What you are asked to do:
If an entry holds a picture, leave the picture out and copy the rest of the listing exactly.

Study material:
============================================================

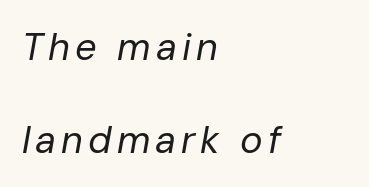
Q: Is the text bold? A: No.
Q: Is the text italic (slanted)? A: Yes, it leans right by about 10 degrees.
Q: Is the text underlined? A: No.
Q: How is the paragraph aligned? A: Left-aligned.
Q: Is the spacing between lines tight, normal or loose? A: Loose.
Q: Width (condensed, normal, or wide)? A: Normal.
Q: Stroke contrast? A: Low.
Q: x-height? A: Medium.
Q: Monospaced? A: No.
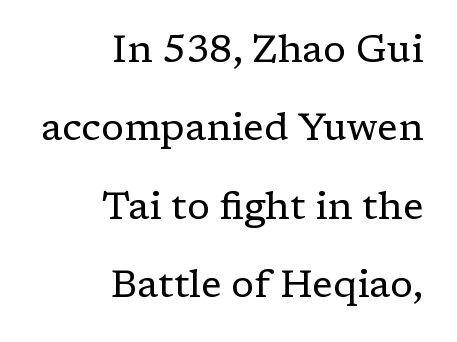
Q: Is the text bold? A: No.
Q: Is the text italic (slanted)? A: No, it is upright.
Q: Is the typeface a serif or a sans-serif typeface? A: Serif.
Q: Is the text underlined? A: No.
Q: How is the paragraph aligned? A: Right-aligned.
Q: Is the spacing between letters normal or unusually wide? A: Normal.
Q: Is the spacing between lines tight, normal or loose? A: Loose.
Q: Width (condensed, normal, or wide)? A: Normal.
Q: Stroke contrast? A: Low.
Q: x-height? A: Medium.
Q: Monospaced? A: No.
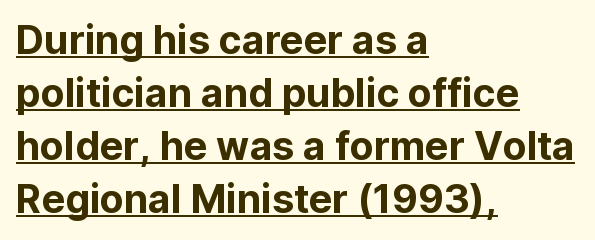
{"serif": "no", "italic": "no", "width": "normal", "stroke_contrast": "low", "x_height": "medium", "monospaced": "no", "underline": "yes", "align": "left", "line_spacing": "normal", "line_spacing_ratio": 1.36, "letter_spacing": "normal", "letter_spacing_em": 0.0, "glyph_px": 39}
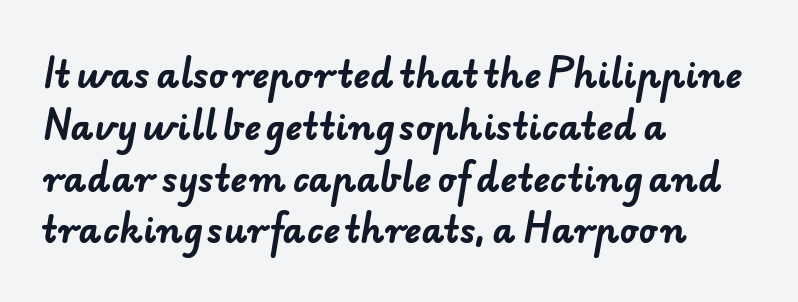
Words appear dense and cohesive because spacing is normal. The font is running at its bold setting. Are there feet on the stems? There aren't — it's a sans. The rendering uses a moderate line-height, typical for paragraphs. Line starts are locked; line ends wander.
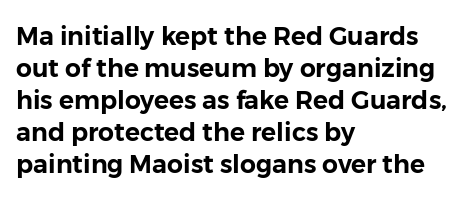
Summary of vertical rhythm: regular, with standard interline spacing. The string is rendered with underlining switched off. This rendering uses left alignment, leaving the right contour irregular. The lettering stays uniformly vertical, giving the passage a roman look. The horizontal fit of the characters is conventional and even.
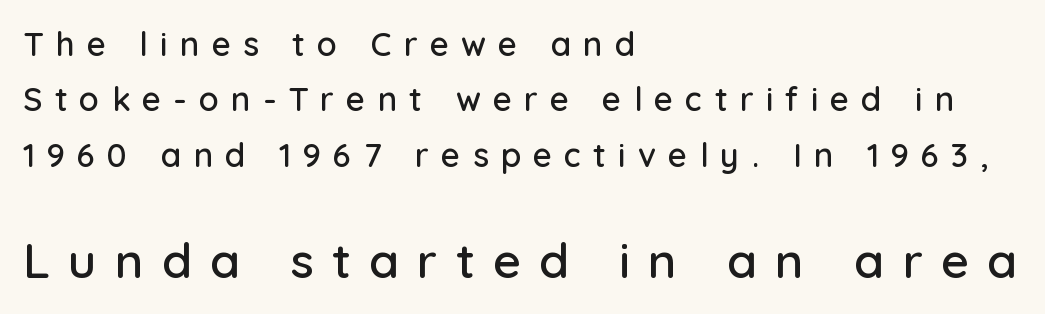
The image shows 49 px sans-serif type, upright; set left-aligned, normal line spacing (1.68x), unusually wide letter spacing (+0.37 em), not underlined; the second (bottom) block is 1.48x larger; low stroke contrast and a medium x-height.
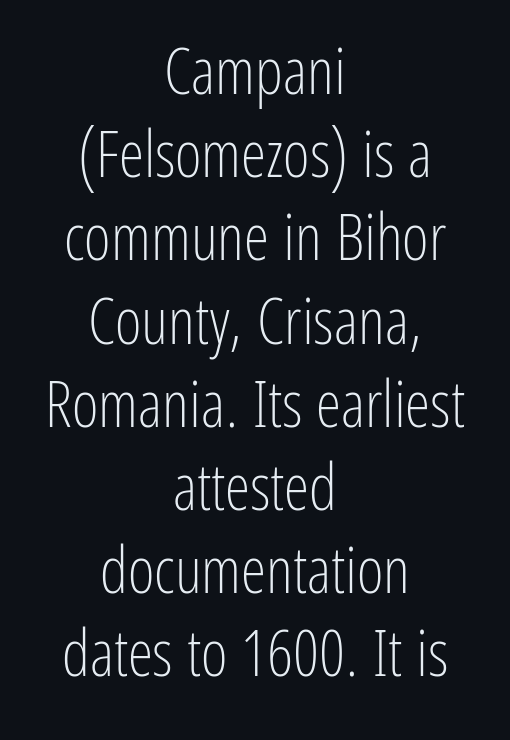
Look at the bottom of the vertical strokes: they stop flat, with no serifs. The letterforms sit shoulder to shoulder at normal distance. Ordinary non-slanted type is in use. Is this a fixed-width face? No — the glyphs have proportional, varying widths. Weight: regular or lighter.
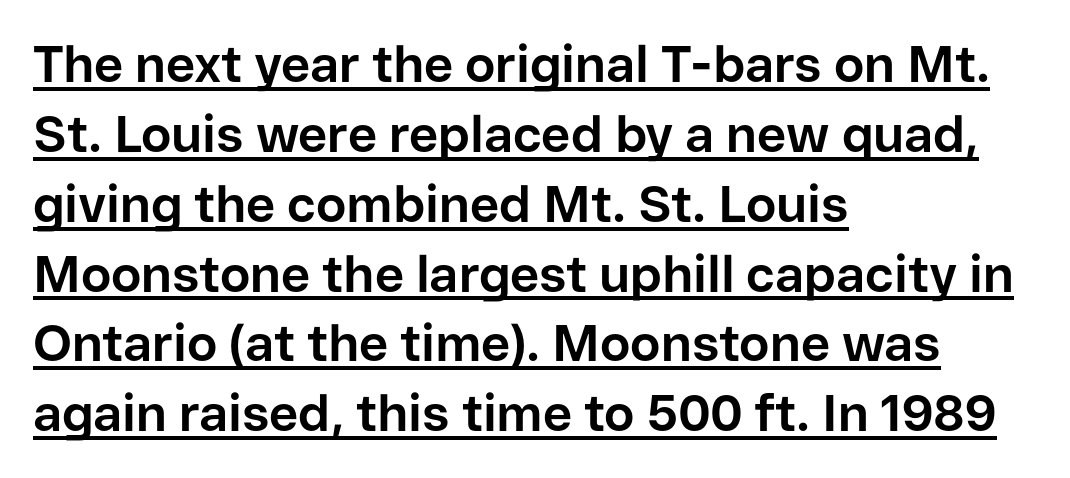
The image shows 51 px bold sans-serif type, upright; set left-aligned, normal line spacing (1.37x), normal letter spacing, underlined; low stroke contrast and a medium x-height.
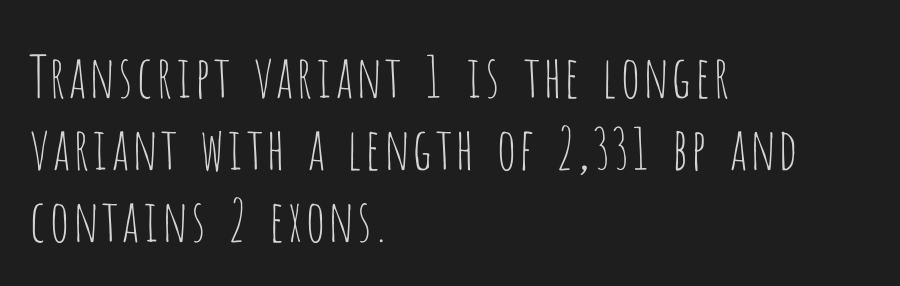
The image shows 58 px thin, condensed sans-serif type, upright; set left-aligned, line spacing 1.24x, normal letter spacing, not underlined; low stroke contrast and a large x-height.
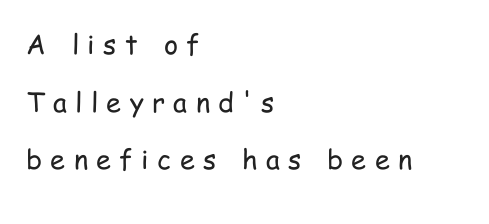
The image shows 27 px text type, upright; set left-aligned, loose line spacing (2.13x), unusually wide letter spacing (+0.31 em), not underlined.
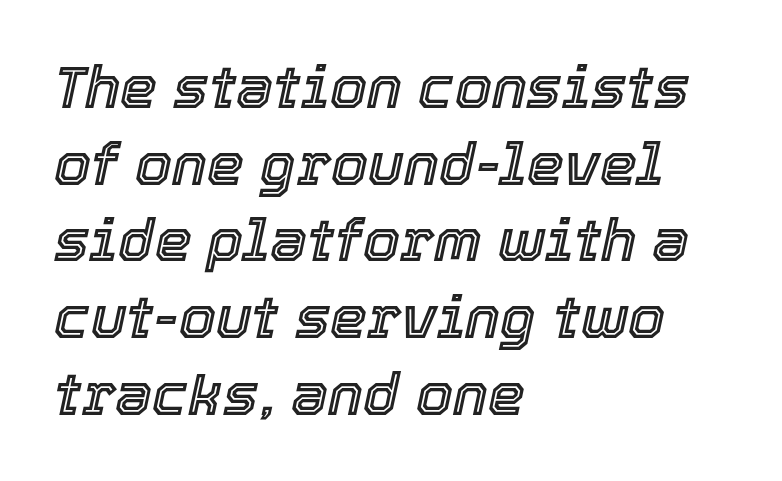
{"italic": "yes", "lean": "right", "slant_degrees": 12, "width": "normal", "x_height": "medium", "monospaced": "no", "underline": "no", "align": "left", "line_spacing": "normal", "line_spacing_ratio": 1.3, "letter_spacing": "normal", "letter_spacing_em": 0.0, "glyph_px": 59}

============================================================

Response box:
Q: Is the text bold? A: No.
Q: Is the text italic (slanted)? A: Yes, it leans right by about 10 degrees.
Q: Is the text underlined? A: No.
Q: How is the paragraph aligned? A: Left-aligned.
Q: Is the spacing between lines tight, normal or loose? A: Loose.
Q: Width (condensed, normal, or wide)? A: Normal.
Q: Stroke contrast? A: Low.
Q: x-height? A: Medium.
Q: Monospaced? A: No.
Q: Is the text bold? A: No.
Q: Is the text italic (slanted)? A: No, it is upright.
Q: Is the typeface a serif or a sans-serif typeface? A: Serif.
Q: Is the text underlined? A: No.
Q: How is the paragraph aligned? A: Right-aligned.
Q: Is the spacing between letters normal or unusually wide? A: Normal.
Q: Is the spacing between lines tight, normal or loose? A: Loose.
Q: Width (condensed, normal, or wide)? A: Normal.
Q: Stroke contrast? A: Low.
Q: x-height? A: Medium.
Q: Monospaced? A: No.
{"serif": "no", "italic": "no", "width": "normal", "stroke_contrast": "low", "x_height": "medium", "monospaced": "no", "underline": "yes", "align": "left", "line_spacing": "normal", "line_spacing_ratio": 1.36, "letter_spacing": "normal", "letter_spacing_em": 0.0, "glyph_px": 39}
Words appear dense and cohesive because spacing is normal. The font is running at its bold setting. Are there feet on the stems? There aren't — it's a sans. The rendering uses a moderate line-height, typical for paragraphs. Line starts are locked; line ends wander.
Summary of vertical rhythm: regular, with standard interline spacing. The string is rendered with underlining switched off. This rendering uses left alignment, leaving the right contour irregular. The lettering stays uniformly vertical, giving the passage a roman look. The horizontal fit of the characters is conventional and even.
The image shows 49 px sans-serif type, upright; set left-aligned, normal line spacing (1.68x), unusually wide letter spacing (+0.37 em), not underlined; the second (bottom) block is 1.48x larger; low stroke contrast and a medium x-height.
Look at the bottom of the vertical strokes: they stop flat, with no serifs. The letterforms sit shoulder to shoulder at normal distance. Ordinary non-slanted type is in use. Is this a fixed-width face? No — the glyphs have proportional, varying widths. Weight: regular or lighter.
The image shows 51 px bold sans-serif type, upright; set left-aligned, normal line spacing (1.37x), normal letter spacing, underlined; low stroke contrast and a medium x-height.
The image shows 58 px thin, condensed sans-serif type, upright; set left-aligned, line spacing 1.24x, normal letter spacing, not underlined; low stroke contrast and a large x-height.
The image shows 27 px text type, upright; set left-aligned, loose line spacing (2.13x), unusually wide letter spacing (+0.31 em), not underlined.
{"italic": "yes", "lean": "right", "slant_degrees": 12, "width": "normal", "x_height": "medium", "monospaced": "no", "underline": "no", "align": "left", "line_spacing": "normal", "line_spacing_ratio": 1.3, "letter_spacing": "normal", "letter_spacing_em": 0.0, "glyph_px": 59}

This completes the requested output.